Pursuant to 28 U.S.C. § 636(b)(1) and Rule 72(b) of the Federal Rules of Civil Procedure, the parties shall have fourteen (14) days from service of this Report to file written objections. See also Fed. R. Civ. P. 6. Such objections, and any responses to objections, shall be filed with the Clerk of Court, with courtesy copies delivered to the chambers of the Honorable Lorna G. Schofield, 40 Centre Street, Room 201, New York, New York, 10007, and to the chambers of the undersigned, 40 Centre Street, Room 425, New York, New York, 10007. Any requests for an extension of time for filing objections must be directed to Judge Schofield. Failure to file objections within fourteen (14) days will result in a waiver of objections and will preclude appellate review. See Thomas v. Arn, 474 U.S. 140, 106 S.Ct. 466 (1985); Cephas v. Nash, 328 F.3d 98, 107 (2d Cir. 2003).

FootNotes


1. Meda's compensatory damages include recovery of unpaid wages and unlawful deductions, as well as liquidated damages as measured under NYLL. See infra pp. 9-10, note 2.
2. Meda's application for a reward of liquidated damages is properly brought pursuant only to the NYLL. As the Second Circuit explained in Rana v.
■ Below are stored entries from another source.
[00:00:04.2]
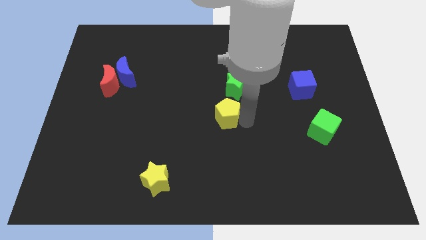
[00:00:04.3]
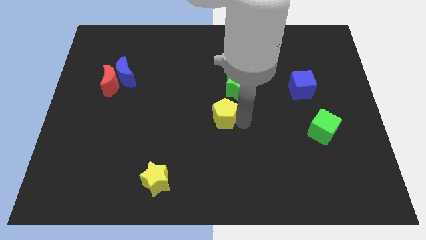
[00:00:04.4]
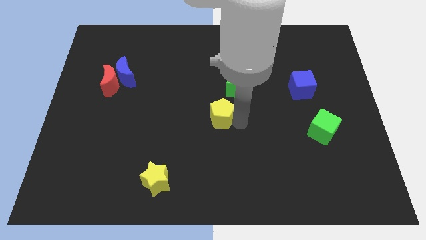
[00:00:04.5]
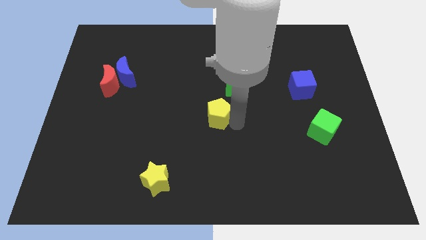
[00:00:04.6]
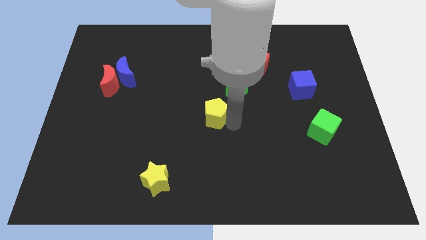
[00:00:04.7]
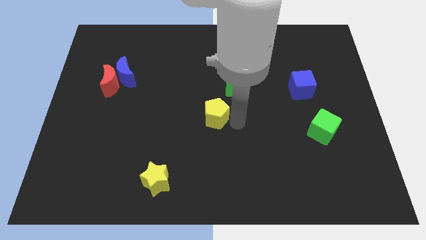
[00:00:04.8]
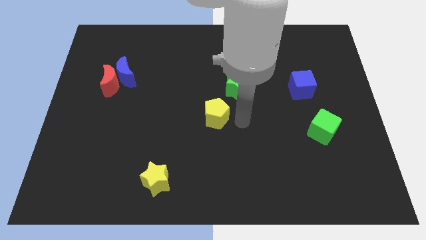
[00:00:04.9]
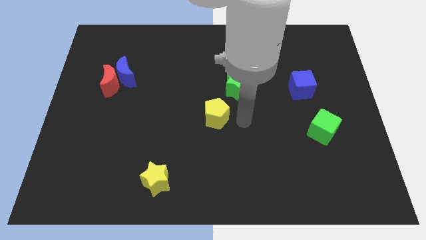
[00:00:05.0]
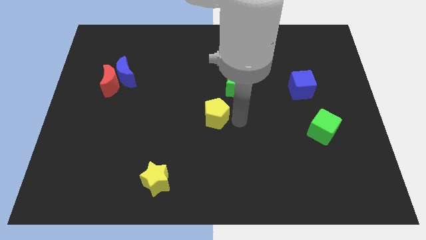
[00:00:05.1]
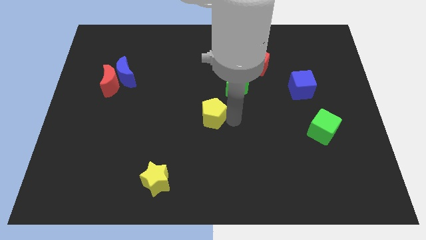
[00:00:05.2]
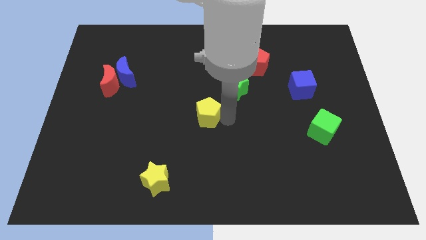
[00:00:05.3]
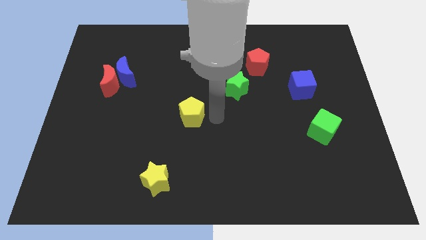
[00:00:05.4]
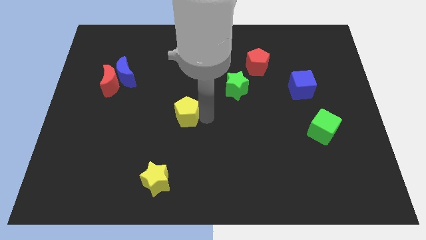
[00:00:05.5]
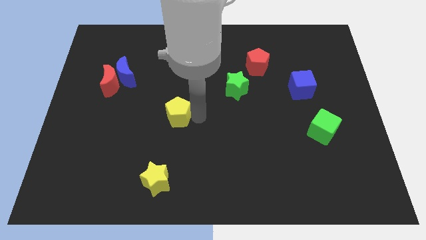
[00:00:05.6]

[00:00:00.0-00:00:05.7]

Islam, 887 F.3d 118, 122-23 (2d Cir. 2018): "The New York State Legislature has amended the NYLL liquidated damages provision twice since 2009, making it easier for employees to claim liquidated damages.... In 2010, the NYLL liquidated damages provision was amended ... so that an employee may recover the full amount of any underpayment, all reasonable attorney's fees [and] prejudgment interest as required under the civil practice law and rules.... While the wording of the FLSA [Fair Labor Standards Act] and NYLL liquidated damages provisions are not identical, there are no meaningful differences, and both are designed `to deter wage-and-hour violations in a manner calculated to compensate the party harmed.'" (Citation omitted.) We therefore interpret the NYLL and FLSA as not allowing duplicative liquidated damages for the same course of conduct. Double recovery is generally disfavored and it is clear that the New York State legislature rewrote its liquidated damages provision to cover the same ground as the FLSA."